- Brief:
Output everything in the data exactly, leaving the pictures out.

======== The input ========

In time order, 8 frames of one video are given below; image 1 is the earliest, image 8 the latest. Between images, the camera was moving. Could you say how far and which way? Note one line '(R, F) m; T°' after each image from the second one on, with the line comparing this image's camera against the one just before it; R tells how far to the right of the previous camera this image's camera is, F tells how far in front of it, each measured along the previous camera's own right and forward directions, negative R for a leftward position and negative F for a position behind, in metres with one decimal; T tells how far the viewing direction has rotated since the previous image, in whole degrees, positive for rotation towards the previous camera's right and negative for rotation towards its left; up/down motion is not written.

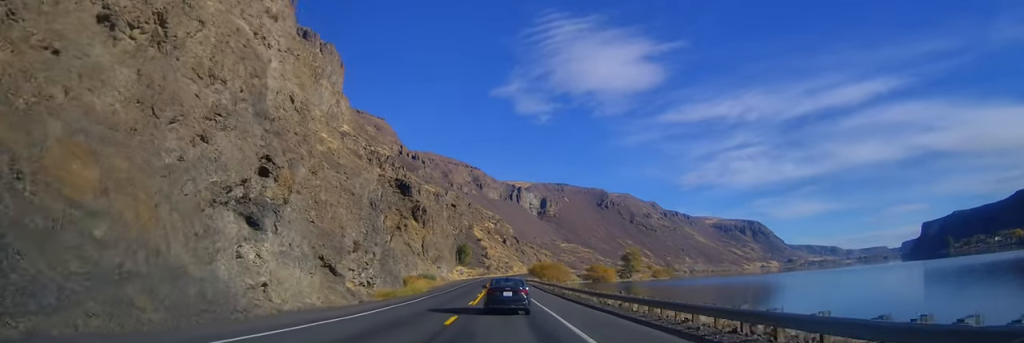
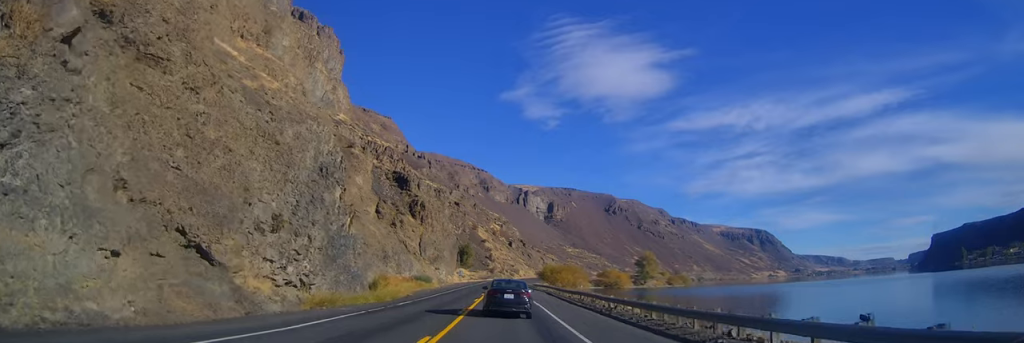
(+0.1, +20.0) m; 0°
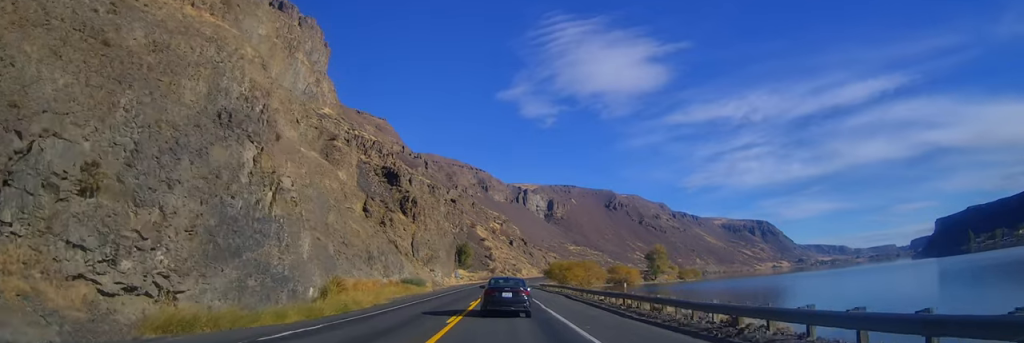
(-0.1, +16.7) m; -2°
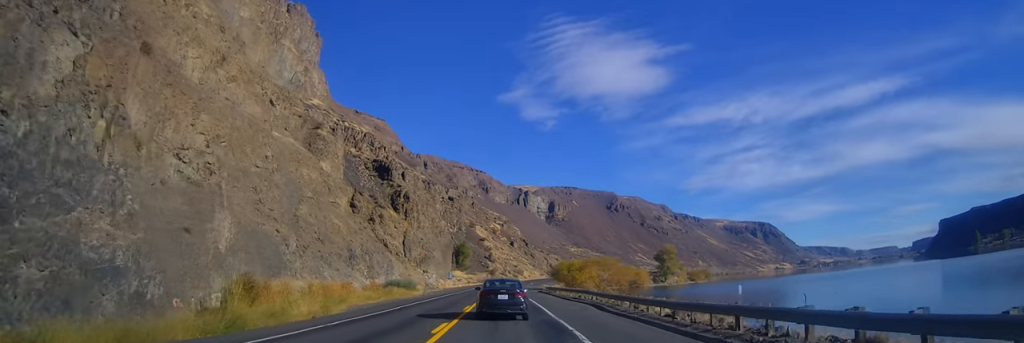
(-0.3, +15.1) m; +1°
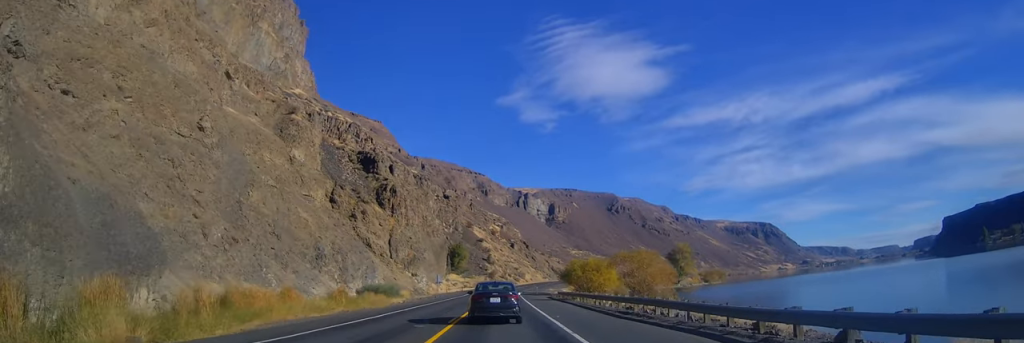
(+0.5, +18.6) m; +1°
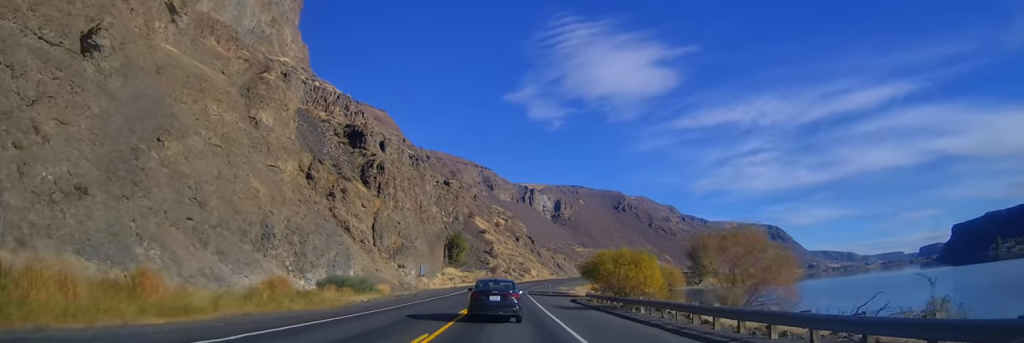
(-0.4, +21.4) m; 0°
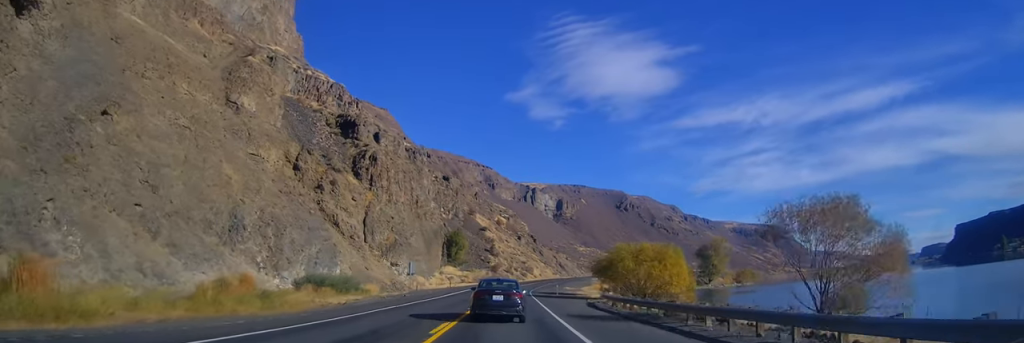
(0.0, +8.4) m; 0°
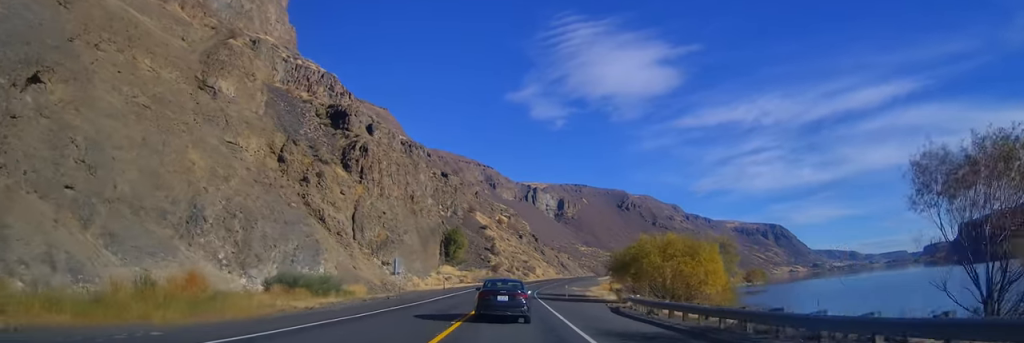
(+0.4, +8.4) m; +1°

========

- Output of the exercise:
In time order, 8 frames of one video are given below; image 1 is the earliest, image 8 the latest. Between images, the camera was moving. Could you say how far and which way? Note one line '(R, F) m; T°' after each image from the second one on, with the line comparing this image's camera against the one just before it; R tells how far to the right of the previous camera this image's camera is, F tells how far in front of it, each measured along the previous camera's own right and forward directions, negative R for a leftward position and negative F for a position behind, in metres with one decimal; T tells how far the viewing direction has rotated since the previous image, in whole degrees, positive for rotation towards the previous camera's right and negative for rotation towards its left; up/down motion is not written.

(+0.1, +20.0) m; 0°
(-0.1, +16.7) m; -2°
(-0.3, +15.1) m; +1°
(+0.5, +18.6) m; +1°
(-0.4, +21.4) m; 0°
(0.0, +8.4) m; 0°
(+0.4, +8.4) m; +1°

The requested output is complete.